**REQUIREMENT**: Please restate, word for word, the lines below that begin at the one with "Q: Is the text bold? A: No." and end at the one with "Q: Monospaced? A: No.". Leave out all other lines.
*** Opening PROVIDED DATA ***
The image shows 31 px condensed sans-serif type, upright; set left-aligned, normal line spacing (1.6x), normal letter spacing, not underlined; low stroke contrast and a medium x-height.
*** Closing PROVIDED DATA ***
*** Opening PROVIDED DATA ***
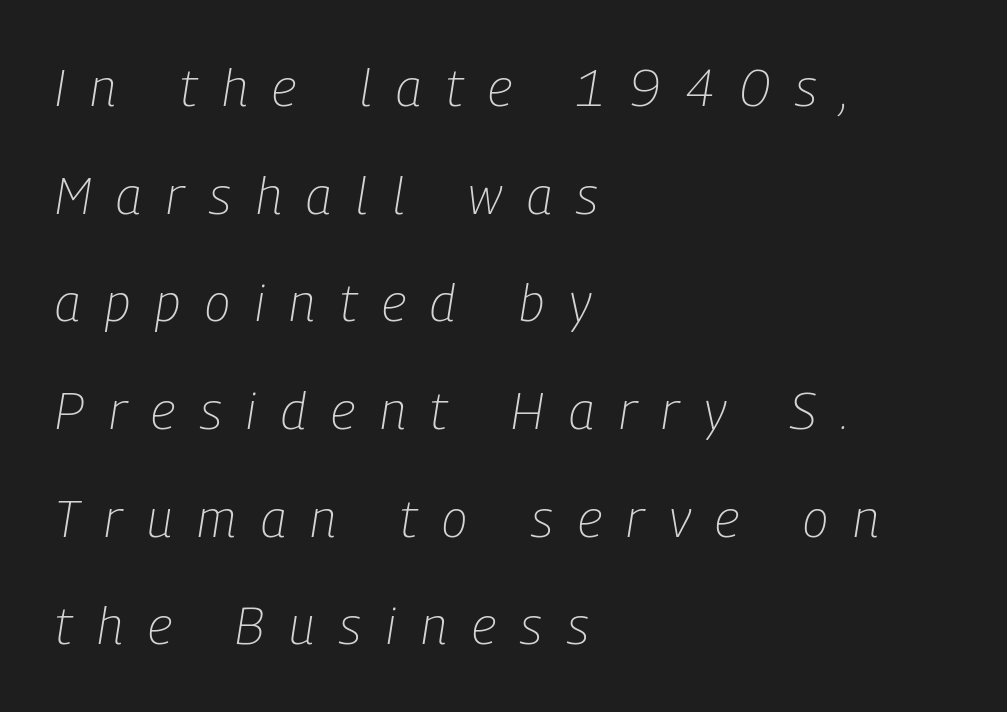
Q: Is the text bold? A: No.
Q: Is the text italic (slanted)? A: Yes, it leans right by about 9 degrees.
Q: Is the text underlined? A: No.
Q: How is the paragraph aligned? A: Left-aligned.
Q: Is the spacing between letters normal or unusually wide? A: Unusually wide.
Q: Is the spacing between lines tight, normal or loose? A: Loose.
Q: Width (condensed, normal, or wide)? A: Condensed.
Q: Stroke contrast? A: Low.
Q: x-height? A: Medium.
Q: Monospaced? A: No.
*** Closing PROVIDED DATA ***
**EXERCISE SOLUTION**:
Q: Is the text bold? A: No.
Q: Is the text italic (slanted)? A: Yes, it leans right by about 9 degrees.
Q: Is the text underlined? A: No.
Q: How is the paragraph aligned? A: Left-aligned.
Q: Is the spacing between letters normal or unusually wide? A: Unusually wide.
Q: Is the spacing between lines tight, normal or loose? A: Loose.
Q: Width (condensed, normal, or wide)? A: Condensed.
Q: Stroke contrast? A: Low.
Q: x-height? A: Medium.
Q: Monospaced? A: No.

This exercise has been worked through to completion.